Flights can be sold up to 12 months before the scheduled
departure date. Within seven days of an end customer’s
purchase, A remits to the airline the airfare price less
A’s commission. After the initial booking on A’s
platform, any changes requested by the end customer are
handled directly by the airline. Therefore, A has no
further involvement with the end customer or the airline
related to the flight purchased after the initial
booking.
Entity A concludes that the nature of its promise is to
arrange for airlines to provide transportation services
to end customers. Entity A’s customer is the end
customer, and A’s performance obligation is satisfied at
the time of the initial booking. This is because A has
no further obligations after the initial booking.

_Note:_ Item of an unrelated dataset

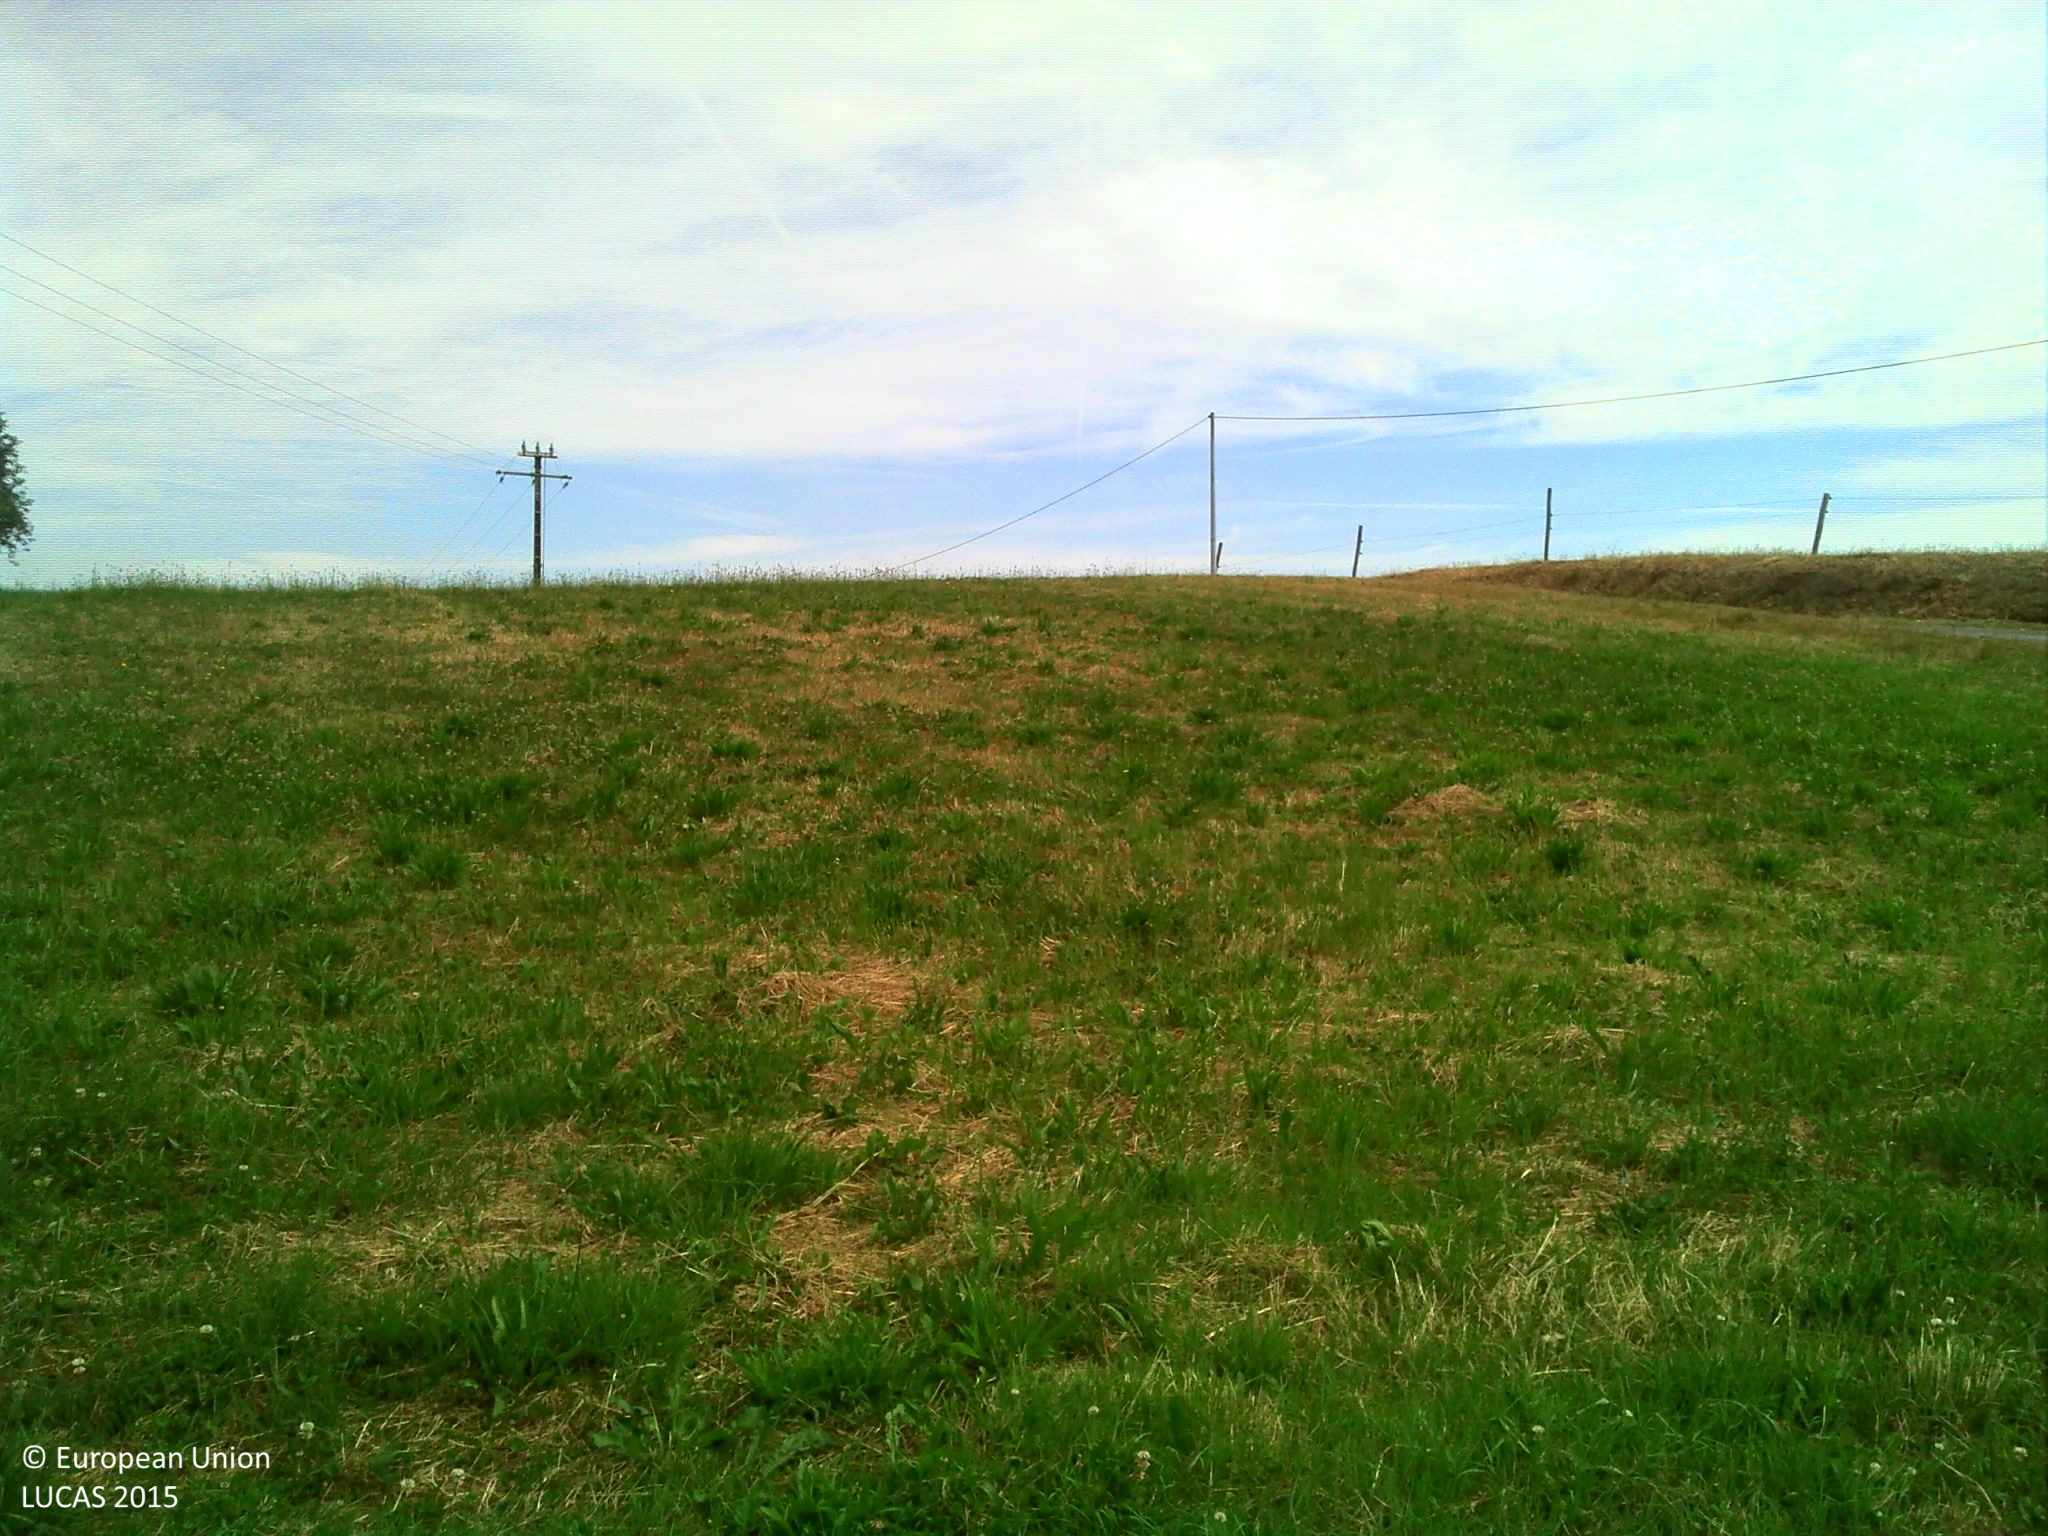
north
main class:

Specifically, A has no further involvement with the end
customer or the airline after the initial booking, any
changes requested by the end customer must be handled
directly by the airline, and the amount A collects is
nonrefundable. Accordingly, A may conclude that it
should recognize revenue at the point in time when the
initial booking is successfully made.
Example 10-8
Entity B operates a travel booking Web site that arranges
for various travel services (e.g., hotels, rental cars,
experiences) to be provided by third parties. Entity B
partners with these third parties and offers their
services on its platform. End customers will reserve the
travel services on B’s platform, but B does not collect
payment from end customers until the travel services are
provided. This is because B allows end customers to
change or cancel their travel arrangements at any time
before when the underlying travel services are scheduled
to be transferred to the end customers. Entity B also
promises to provide assistance to end customers in
modifying or canceling the arranged travel services and
to coordinate with the travel service providers until
the underlying services are provided. Within seven days
of payment by the end customer, B remits to the travel
service provider the price of the travel service less
B’s commission.
Entity B concludes that the nature of its promise is to
identify paying end customers for its travel service
provider partners. Entity B’s customer is the travel
service provider, and B’s performance obligation is not
satisfied until the travel service provider begins to
provide travel services to the end customer. This is
because B remains obligated to identify paying end
customers after booking and before the travel service
provider begins providing travel services. Specifically,
end customers can cancel or modify their travel
arrangements at any time before when the underlying
travel services are scheduled to be provided, B
continues to be involved with the end customers and the
travel service providers by helping end customers modify
or cancel their arrangements until such services are
provided, and end customers are not required to pay
until the travel services are provided. That is, a
paying end customer is not identified for the travel
service provider until the travel services are provided.
Accordingly, B may conclude that it should recognize
revenue at the point in time when the travel services
provided to the end customer commence.